2 (Touch & Go, 1999) is even darker, creepier and wearier.
unnerving
A whisper in the wind carries The Waiter #2.
Solemn accordion, waltzing pump organ and elegiac trumpet propel
Blue Tears.
An operatic narration a` la Nick Cave lifts
A Light So Dim as much as the pounding, procession-like drums and
the plaintive piano motive.
But the nightmare intensifies with Gently Off The Edge, a deranged, romantic
wail wrapped in radio noises and lulled by a mechanic piano figure.

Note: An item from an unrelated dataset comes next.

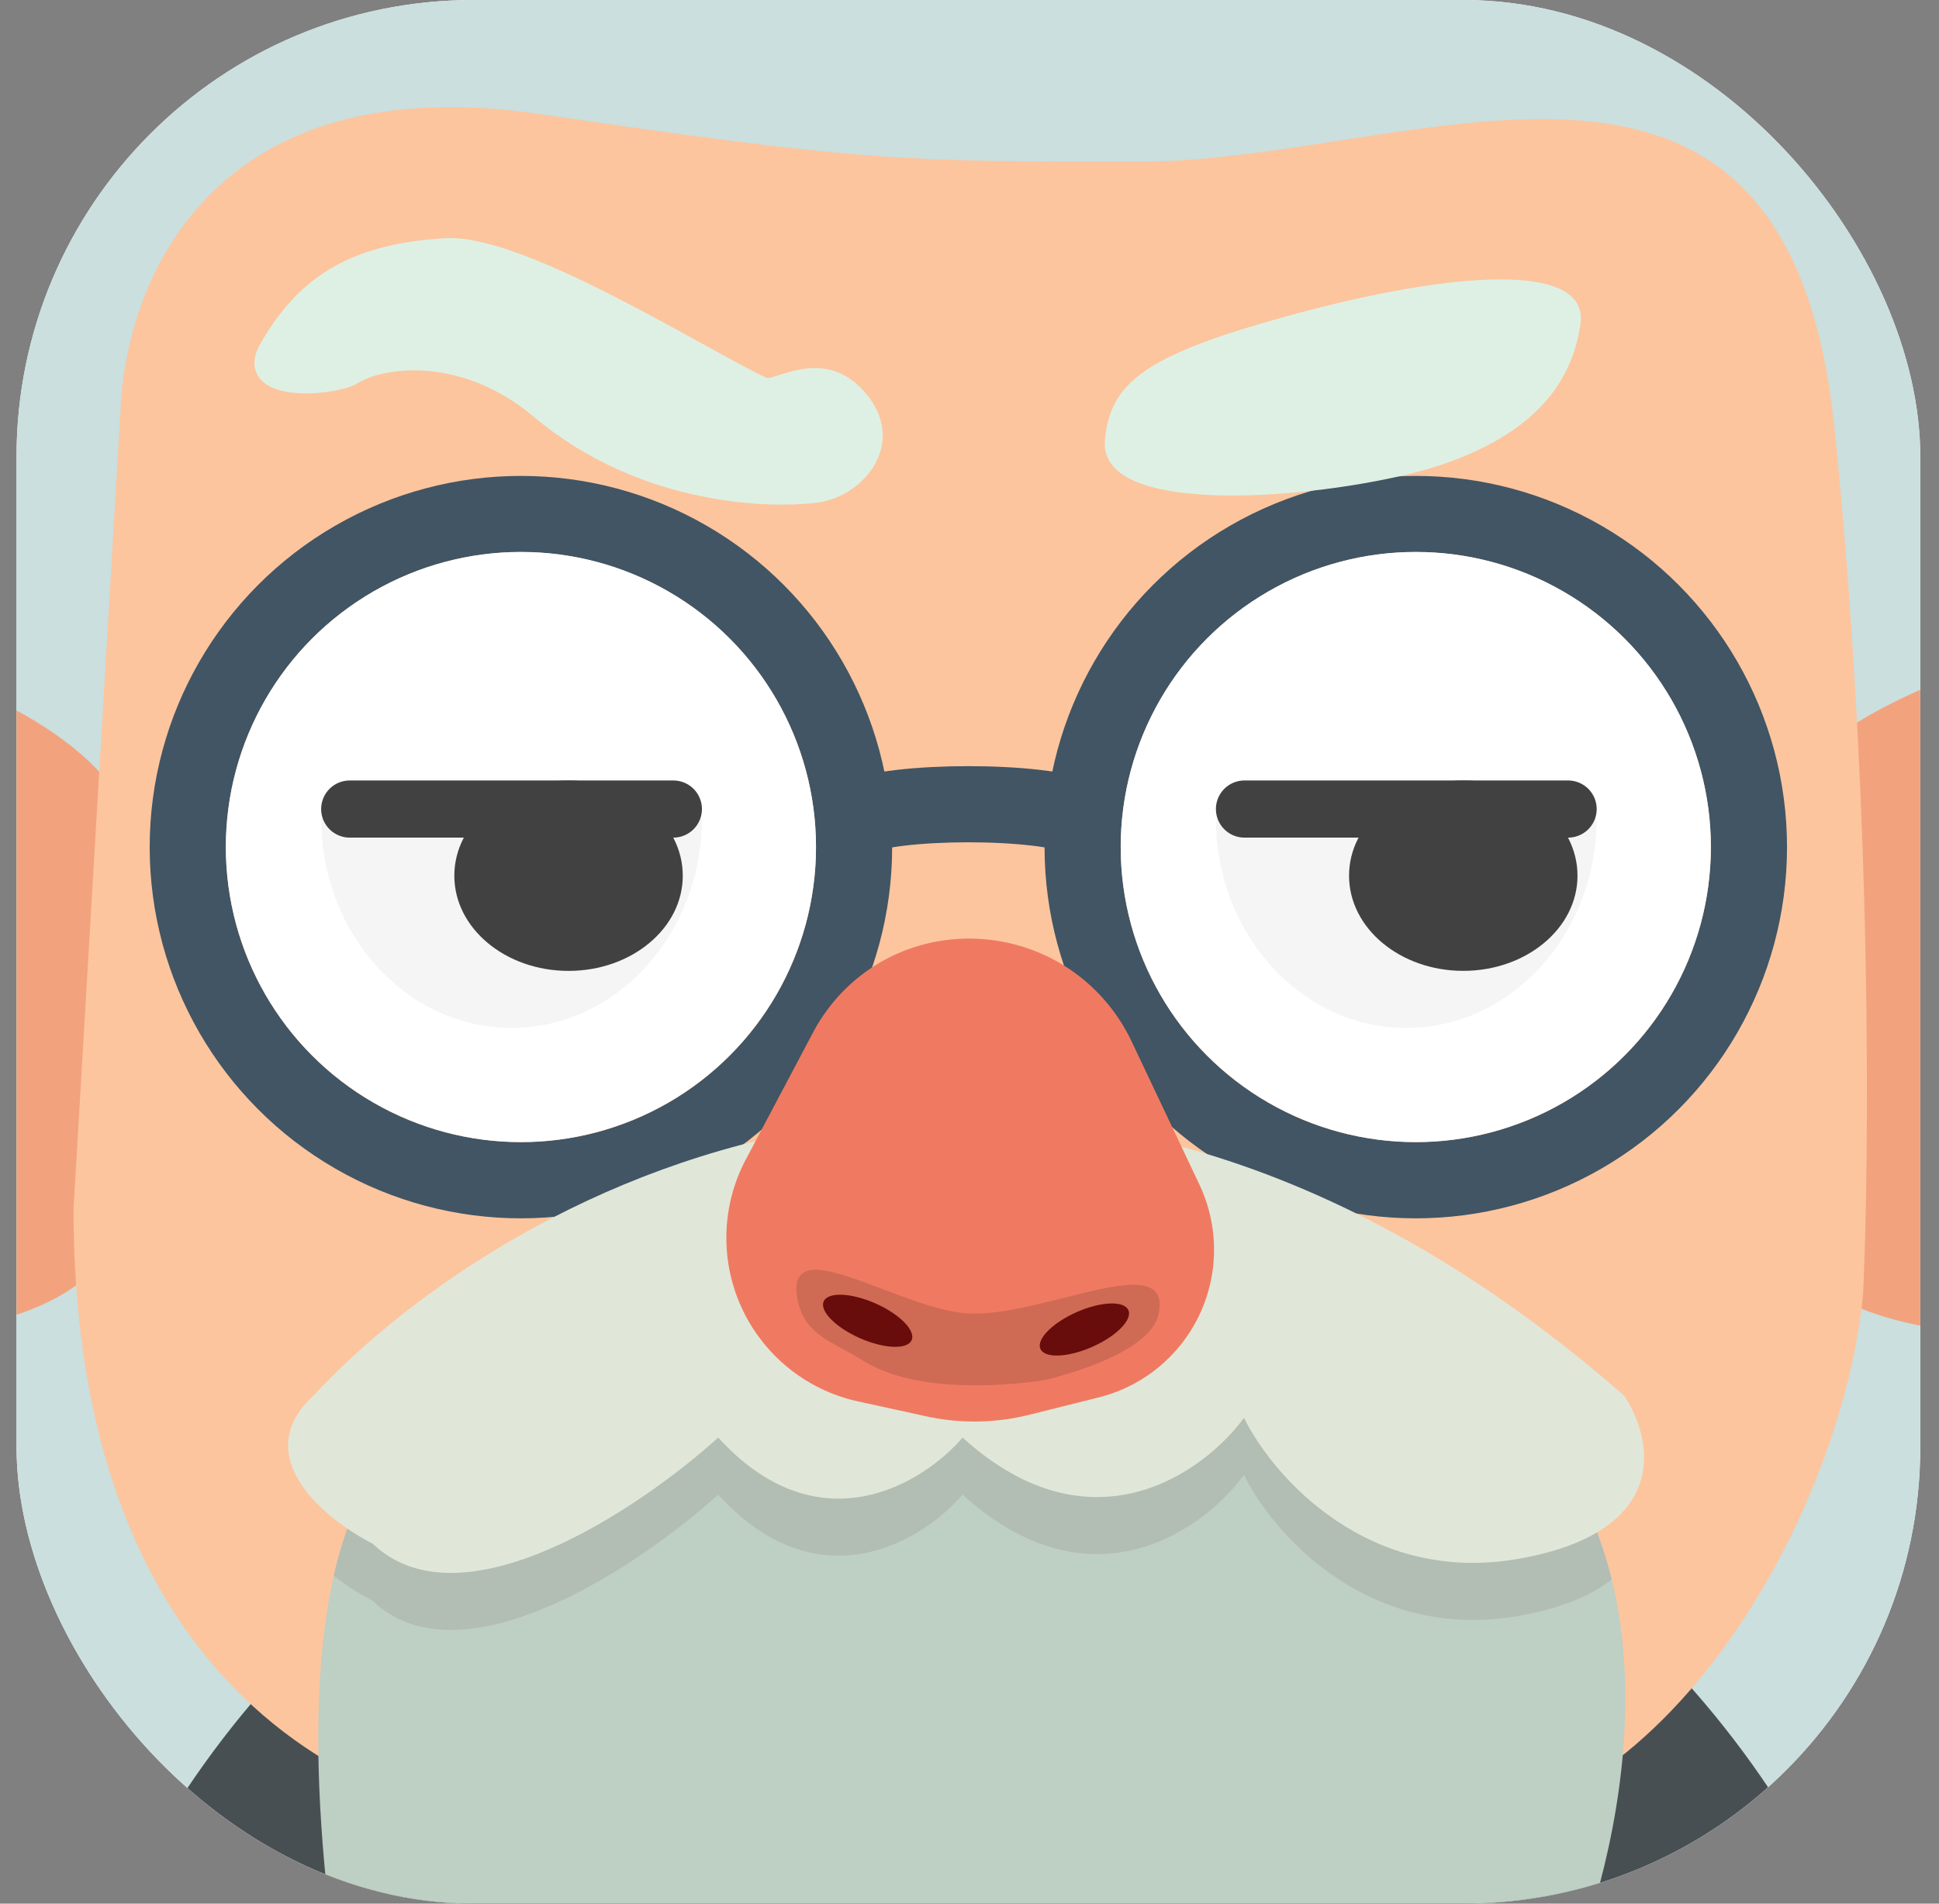 <svg xmlns="http://www.w3.org/2000/svg" width="55" height="54" fill="none"><rect width="100%" height="100%" fill="#808080" stroke="none"/><g clip-path="url(#a)"><rect width="54" height="54" x=".469" fill="#fff" rx="12.96"/><circle cx="26.928" cy="19.756" r="44.6" fill="#CADFDE"/><path fill="#F2A37E" d="M49.63 32.033c0 6.187 5.928 5.945 12.114 5.945s8.018-2.426 8.018-8.612c0-6.187-5.015-11.202-11.202-11.202-11.821 3.225-8.93 7.683-8.93 13.87M4.109 32.033c0 6.187-5.929 5.945-12.115 5.945s-8.017-2.426-8.017-8.612c0-6.187 5.015-11.202 11.201-11.202C7 21.39 4.108 25.847 4.108 32.034"/><circle cx="27.742" cy="65.758" r="27" fill="#484F52"/><path fill="#FCC59E" d="m3.436 11.336-1.35 22.95c0 15.12 10.08 18 15.12 17.55 0 0 13.527-1.276 22.14 0 7.29 1.08 12.87-8.55 13.5-15.12.18-3.78.27-13.986-.81-24.57-1.35-13.23-11.88-7.56-19.71-7.56-6.664 0-7.83 0-17.01-1.35-9.072-1.334-11.61 4.41-11.88 8.1"/><path stroke="#415564" stroke-width="2.16" d="M24.227 23.218c1.08-.54 5.4-.54 6.48 0"/><circle cx="40.159" cy="24.03" r="9.45" stroke="#415564" stroke-width="2.16"/><circle cx="14.776" cy="24.03" r="9.45" stroke="#415564" stroke-width="2.16"/><circle cx="14.776" cy="24.026" r="8.37" fill="#fff"/><circle cx="40.159" cy="24.026" r="8.37" fill="#fff"/><path fill="#000" fill-opacity=".04" d="M34.49 23.219c0 3.28 2.417 5.94 5.4 5.94 2.981 0 5.4-2.66 5.4-5.94z"/><ellipse cx="3.24" cy="2.7" fill="#414141" rx="3.24" ry="2.7" transform="matrix(-1 0 0 1 44.746 22.14)"/><path fill="#414141" d="M45.29 22.95a.81.81 0 0 0-.81-.81H35.3a.81.81 0 0 0 0 1.62h9.18a.81.81 0 0 0 .81-.81"/><path fill="#BECFC4" d="M9.705 56.88c-2.395-15.162 2.132-17.467 4.694-16.723 7.629-2.035 24.071-4.883 28.813 0 4.741 4.882 2.601 13.183.938 16.724z"/><path fill="#B2BDB3" d="M14.398 40.157c7.628-2.034 24.07-4.882 28.812 0 1.306 1.345 2.087 2.95 2.503 4.643-.545.44-1.373.806-2.586 1.027-4.313.784-7.025-2.334-7.842-3.991-1.143 1.564-4.34 3.865-7.981.56-1.12 1.307-4.076 3.137-6.932 0-2.217 2.008-7.281 5.419-9.802 3.01a6.6 6.6 0 0 1-1.101-.71c.971-4.282 3.331-5.002 4.929-4.539"/><path fill="#E0E7D9" d="M46.068 39.589c-16.411-14.339-31.623-5.974-37.177 0-1.868 1.726.342 3.52 1.68 4.2 2.52 2.41 7.585-1.003 9.802-3.01 2.856 3.137 5.811 1.307 6.931 0 3.64 3.305 6.838 1.004 7.982-.56.816 1.657 3.528 4.775 7.841 3.99 4.313-.783 3.758-3.406 2.94-4.62"/><path fill="#000" fill-opacity=".04" d="M19.91 23.219c0 3.28-2.418 5.94-5.4 5.94s-5.4-2.66-5.4-5.94z"/><ellipse cx="16.127" cy="24.841" fill="#414141" rx="3.24" ry="2.7"/><path fill="#414141" d="M9.11 22.95a.81.81 0 0 1 .81-.81h9.18a.81.81 0 0 1 0 1.62H9.92a.81.81 0 0 1-.81-.81"/><path fill="#DEF0E4" stroke="#DEF0E4" stroke-width=".54" d="M15.311 11.613c-2.191-1.844-4.567-1.475-5.347-.948-.668.318-3.069.475-2.34-.79 1.004-1.74 2.34-2.69 5.014-2.848 2.139-.126 7.173 3.081 9.024 3.953.334.157 1.504-.79 2.506.159 1.347 1.275.168 2.69-1.002 2.848s-4.847.156-7.855-2.374Z"/><path fill="#F07A61" d="M23.064 29.285c.234-.443.534-.848.888-1.203 2.052-2.051 5.438-1.913 7.357.263.315.356.582.76.786 1.19l1.927 4.068q.195.413.3.86a4.317 4.317 0 0 1-3.155 5.176l-1.978.495a6.4 6.4 0 0 1-2.913.043l-1.939-.424a4.75 4.75 0 0 1-3.182-6.862z"/><path fill="#CF6A55" d="M29.628 39.148s2.996-.658 3.24-1.89c.372-1.884-3.294.11-5.4 0-1.905-.1-5.148-2.385-4.86-.486.165 1.093.952 1.25 1.89 1.836 1.788 1.117 5.13.54 5.13.54"/><ellipse cx="24.611" cy="37.466" fill="#680C0C" rx="1.363" ry=".54" transform="rotate(23.78 24.611 37.466)"/><ellipse cx="1.363" cy=".54" fill="#680C0C" rx="1.363" ry=".54" transform="scale(1 -1)rotate(23.78 106.903 51.221)"/><path fill="#DEF0E4" d="M36.466 8.98c-3.95 1.093-4.974 1.853-5.125 3.505-.219 2.39 6.993 1.564 9.534.703 2.54-.862 3.702-2.232 3.956-3.998.255-1.766-3.575-1.534-8.365-.21"/></g><defs><clipPath id="a"><rect width="54" height="54" x=".469" fill="#fff" rx="12.96"/></clipPath></defs></svg>

A tad of magniloquence surfaces as
the piano-driven rhapsody My Heart Might Stop conjures memories of
mournful Queen at the opera.
The tension accumulated over the course of the album is released in the
hard-rocking Beneath The Ground.
A lengthy The Waiter #3 conceptually crowns the album by reprising
some of the (lyrical and musical) themes in the most agonizing tone, albeit
with an undercurrent of circus music and a coda of ghastly noises.
Only a couple of tracks escape the depressed mood:
It's A Crime I Never Told You About The Diamonds In Your Eyes
careens with honky-tonking piano and Warren Zevon punch;
the drums-less folk ballad Your Church Is Red recalls
Bob Dylan with Al Kooper on organ.
Jenkins and Nathaniel have positively created a new form of existential ballad,
that transcends the abused stereotypes of Nick Drake, Tim Buckley and Nick Cave.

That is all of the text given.